State v. Jacobson, Cr. N

Decision Date25 February 1988
Docket NumberCr. N
Citation419 N.W.2d 899
PartiesSTATE of North Dakota, Plaintiff and Appellee, v. Harlan JACOBSON, Defendant and Appellant. o. 870105.
CourtNorth Dakota Supreme Court

Howe & Seaworth, Grand Forks, for defendant and appellant; argued by Henry H. Howe.

Lewis C. Jorgenson, States Atty., Devils Lake, for plaintiff and appellee.

ERICKSTAD, Chief Justice.

Defendant Harlan Jacobson appeals from a judgment of conviction entered against him on April 3, 1987. A twelve-member jury found Jacobson guilty of theft of property as a Class C felony under sections 12.1-23-02(2) 1 and 12.1-23-05(2)(a), N.D.C.C. 2 The district court sentenced Jacobson to one year of imprisonment at the state penitentiary. On appeal Jacobson contends: (1) the evidence produced at trial was insufficient to support the jury's verdict of guilty; and (2) the district court abused its discretion when it rejected a plea agreement offered on the day of trial and sentenced Jacobson to one year of imprisonment at the state penitentiary. We disagree with Jacobson's contentions and accordingly affirm the judgment of conviction.

The facts, viewed in the light most favorable to the jury verdict, are as follows. The theft of property charge stems from an agreement in which Jacobson offered to sell a steel building to Lowell Thorson. Thorson responded to Jacobson's newspaper advertisement featuring "ARCH STEEL BUILDINGS." After some discussion, Thorson agreed in writing to purchase a "WedgCor" building with a fourteen foot door from Jacobson. Thorson gave Jacobson a check for $2,200 as a down payment for the building and agreed to pay an additional $5,152.08 when the building was delivered. The total price of the building Jacobson agreed to sell was $7,352.08, which included $800 for the fourteen foot door, $200 for freight and $275.08 for tax. At trial, the State alleged Jacobson could not profit by selling the building at that price. The State called an employee of "WedgCor" who testified that WedgCor does not sell buildings directly to consumers; rather, WedgCor sells to its dealers who in turn sell to consumers. Jacobson was not an authorized WedgCor dealer but was able to purchase WedgCor buildings from an authorized WedgCor dealer. The WedgCor employee testified that a dealer would pay "approximate[ly]" $8,000 for the building Jacobson offered to sell for $6,877.

The purchase agreement was entered into on May 12, 1986, and shipment of the building was expected "a few days either way" of June 10, 1986. Jacobson cashed the $2,200 check on May 14, 1986, keeping $600 in cash and depositing the remaining $1,600 in his business checking account. About a week after the agreement was entered into, Jacobson contacted Thorson and explained that the WedgCor building was not available with a fourteen foot door. Thorson then orally agreed to buy an "ArchTech" building with a fourteen foot door for the same price as the WedgCor building. Thorson asked Jacobson to send a "foundation guide" because Thorson wanted to prepare the foundation before June 10, 1986.
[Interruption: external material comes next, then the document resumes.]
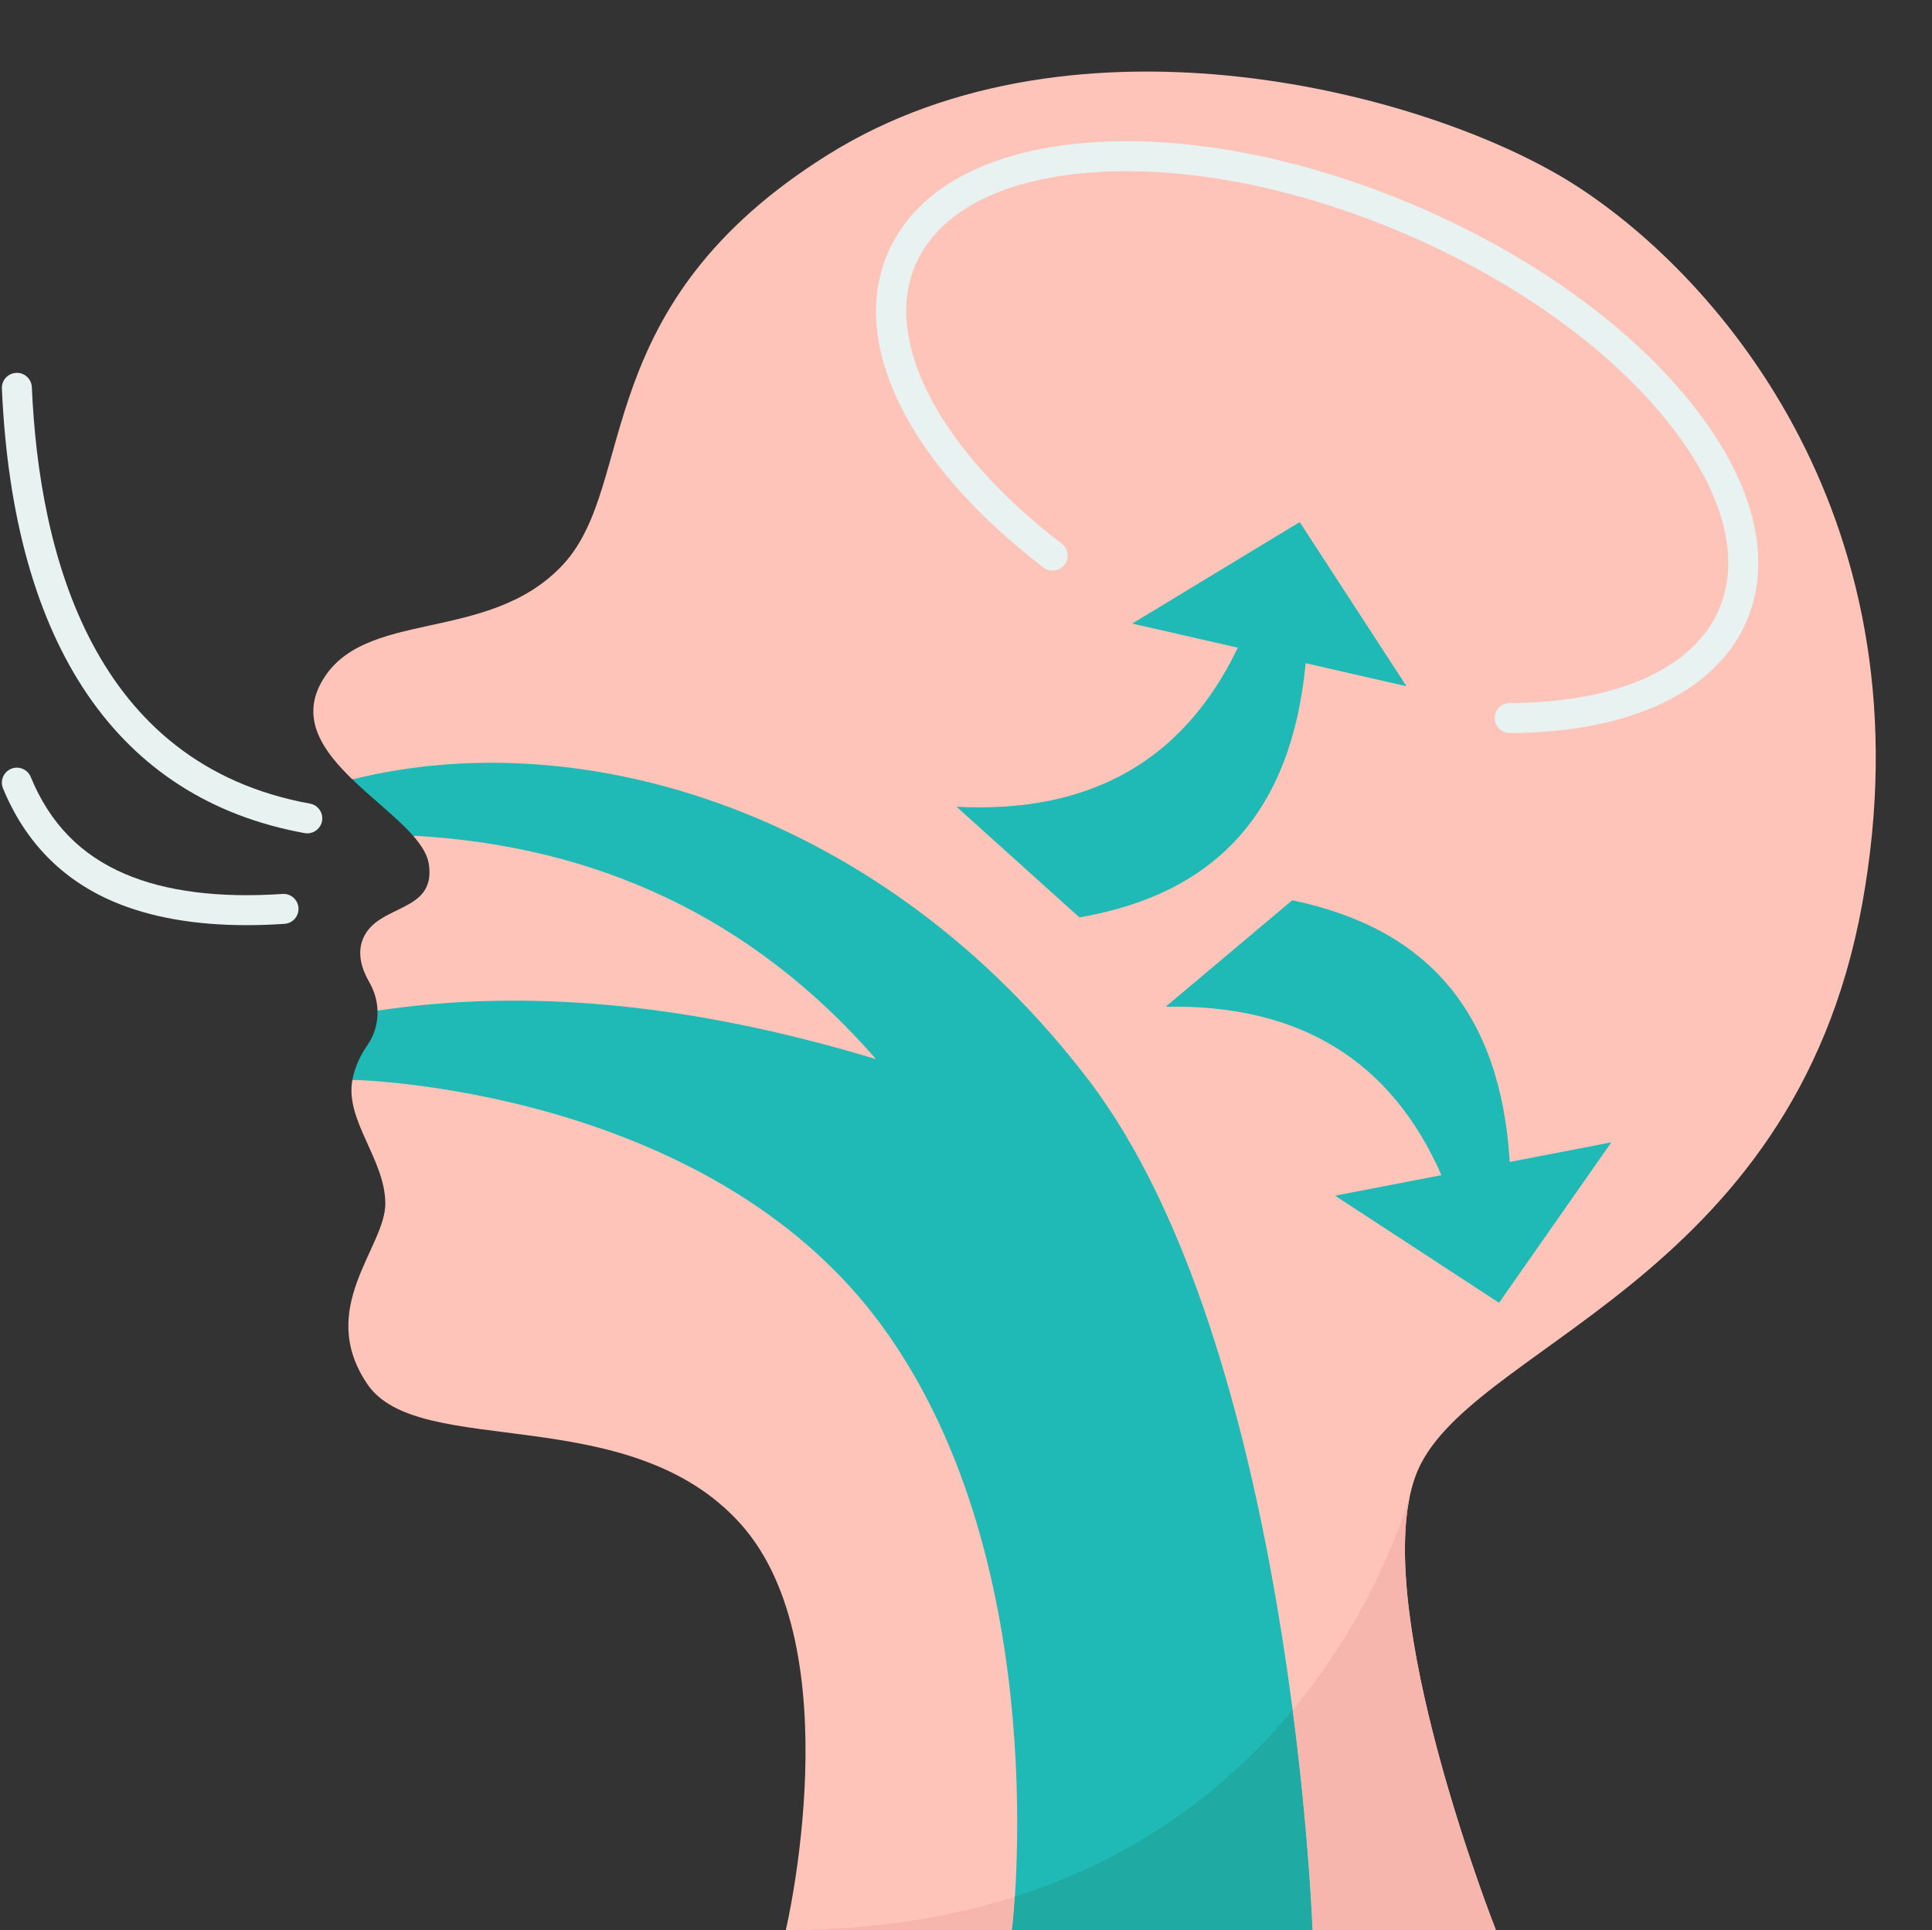 <?xml version="1.0" encoding="UTF-8"?><svg xmlns="http://www.w3.org/2000/svg" xmlns:xlink="http://www.w3.org/1999/xlink" height="515.1" preserveAspectRatio="xMidYMid meet" version="1.0" viewBox="-0.5 -19.1 515.5 515.1" width="515.5" zoomAndPan="magnify"><rect x="-0.5" y="-19.1" width="515.5" height="515.1" fill="#333333" stroke="none"/><g><g id="change1_1"><path d="M257.477,318.427C304.067,382.487,269.521,496,269.521,496h-60.35c0,0,17.78-75.05-12.03-108.36 c-29.81-33.3-85.86-17.07-99.61-37.32c-13.76-20.24,4.78-36.44,4.78-48.19c0-11.76-10.84-22.27-8.78-33.04 C93.531,269.09,210.887,254.367,257.477,318.427z" fill="#fec4b9"/></g><g id="change1_2"><path d="M109.711,203.93c2.24,2.55,3.81,5.04,4.2,7.51c2.09,13.3-13.69,10.54-17.57,20.03 c-1.6,3.92-0.33,8.07,1.72,11.6c1.35,2.34,2.09,4.95,2.17,7.55c46.354,12.308,90.853,17.254,133.02,12.95 C210.354,214.859,169.264,194.837,109.711,203.93z" fill="#fec4b9"/></g><g id="change1_3"><path d="M419.791,30.3c38.81,24.87,95.13,90.13,76.55,192.04c-18.57,101.9-106.39,117.77-119.13,152.43 c-12.74,34.67,21.42,121.23,21.42,121.23h-48.92c0,0-29.545-144.344-83.925-215.554c-54.38-71.22-111.013-95.974-172.255-91.536 l-0.01,0.01c-7.79-7.54-13.65-15.88-8.43-25.64c10.93-20.41,44.77-10.13,64.74-31.81c19.98-21.68,6.2-69.17,70.79-109.41 C286.701-19.1,380.981,5.43,419.791,30.3z" fill="#fec4b9"/></g><g id="change2_1"><path d="M429.441,285.77l-29.96,42.83l-43.76-28.59l28.38-5.48c-13.32-30.35-37.53-45.62-73.57-44.96 l33.76-28.4c36.22,7.52,55.62,29.98,58.04,69.84L429.441,285.77z" fill="#20bab6"/></g><g id="change2_2"><path d="M346.291,120.23l28.5,43.82l-26.91-6.15c-3.77,39.75-23.93,61.55-60.37,67.84l-32.79-29.53 c36,1.88,60.71-12.57,75.05-42.45l-28.17-6.44L346.291,120.23z" fill="#20bab6"/></g><g id="change2_3"><path d="M349.711,496h-80.19c0,0,12.02-97.01-34.57-161.07s-141.42-65.84-141.42-65.84 c0.68-3.6,2.24-6.71,4.01-9.26c1.91-2.75,2.79-5.98,2.69-9.21c20.2-3.03,40.83-3.41,61.85-1.47c23.29,2.14,47.03,7.11,71.17,14.42 c-16.37-18.77-35.03-33.14-55.96-43.1c-20.37-9.69-42.89-15.2-67.58-16.54c-4.17-4.74-10.66-9.67-16.19-15.01l0.01-0.01 c61.93-15.44,142.01,8.96,196.39,80.18C344.301,340.3,349.711,496,349.711,496z" fill="#20bab6"/></g><g id="change3_1"><path d="M270.291,487.08c-0.37,5.68-0.77,8.92-0.77,8.92h-60.35C232.541,496,252.781,492.66,270.291,487.08z" fill="#f7b6ad"/></g><g id="change4_1"><path d="M344.411,437.27c4.44,34.12,5.3,58.73,5.3,58.73h-80.19c0,0,0.4-3.24,0.77-8.92 C304.401,476.21,328.141,456.87,344.411,437.27z" fill="#1faaa3"/></g><g id="change3_2"><path d="M398.631,496h-48.92c0,0-0.86-24.61-5.3-58.73c19.13-23.03,27.96-46.43,31.22-56.87 C367.831,417.95,398.631,496,398.631,496z" fill="#f7b6ad"/></g><g id="change5_1"><path d="M450.039,87.592c-16.657-20.416-42.466-38.783-72.674-51.72 c-30.207-12.931-61.312-18.928-87.583-16.893c-27.198,2.109-46.169,12.595-53.419,29.527c-10.363,24.222,5.57,56.353,41.58,83.853 c1.755,1.341,4.266,1.004,5.607-0.751s1.004-4.266-0.751-5.607c-32.458-24.787-47.798-53.97-39.081-74.346 c6.021-14.06,22.6-22.832,46.683-24.699c25.007-1.938,54.774,3.839,83.815,16.271c29.042,12.437,53.769,29.989,69.624,49.423 c15.27,18.716,20.364,36.766,14.344,50.825c-6.784,15.834-27.146,24.967-55.865,25.055c-2.209,0.007-3.995,1.803-3.988,4.012 c0.007,2.205,1.796,3.988,4,3.988c0.004,0,0.009,0,0.013,0c32.062-0.099,55.095-10.999,63.195-29.905 C472.788,129.693,467.284,108.728,450.039,87.592z" fill="#e7f2f1"/></g><g id="change5_2"><path d="M82.207,195.374c-57.804-10.514-72.261-66.24-74.21-111.138c-0.096-2.208-1.969-3.943-4.169-3.823 c-2.207,0.096-3.919,1.962-3.823,4.169c2.977,68.56,30.906,109.592,80.771,118.662c0.242,0.044,0.483,0.065,0.72,0.065 c1.896,0,3.58-1.354,3.931-3.285C85.822,197.852,84.38,195.77,82.207,195.374z" fill="#e7f2f1"/></g><g id="change5_3"><path d="M74.882,219.479c-16.942,1.143-31.076-0.649-42.01-5.328c-11.861-5.065-20.094-13.535-25.171-25.892 c-0.84-2.044-3.179-3.021-5.22-2.18c-2.043,0.839-3.02,3.176-2.18,5.22c5.833,14.196,15.733,24.36,29.426,30.208 c9.801,4.193,21.742,6.304,35.602,6.304c3.257,0,6.624-0.117,10.09-0.351c2.204-0.148,3.871-2.056,3.722-4.26 C78.994,220.997,77.078,219.324,74.882,219.479z" fill="#e7f2f1"/></g></g></svg>

When Thorson did not receive the building nor the foundation guide on June 10 he called Jacobson on June 14, 1986, and asked for an explanation. Jacobson then said he could not deliver the building until June 25. Thorson then told Jacobson that he, Thorson, would contact Jacobson the following Monday and decide whether he still wanted to purchase the building. Thorson subsequently contacted Jacobson, demanded his $2,200 down payment, and indicated that he no longer wanted to purchase the building.

Jacobson refused to return the money and told Thorson it was too late to demand a refund. Jacobson also informed Thorson that he had turned the down payment over to his attorney. Thorson then sent a certified letter to Jacobson demanding his $2,200 down payment. Jacobson apparently signed the return receipt of the certified letter. Thorson subsequently filed suit in small claims court for the down payment. Jacobson was charged with theft of property on July 15, 1986, and at the end of August, Jacobson's attorney returned Thorson's down payment.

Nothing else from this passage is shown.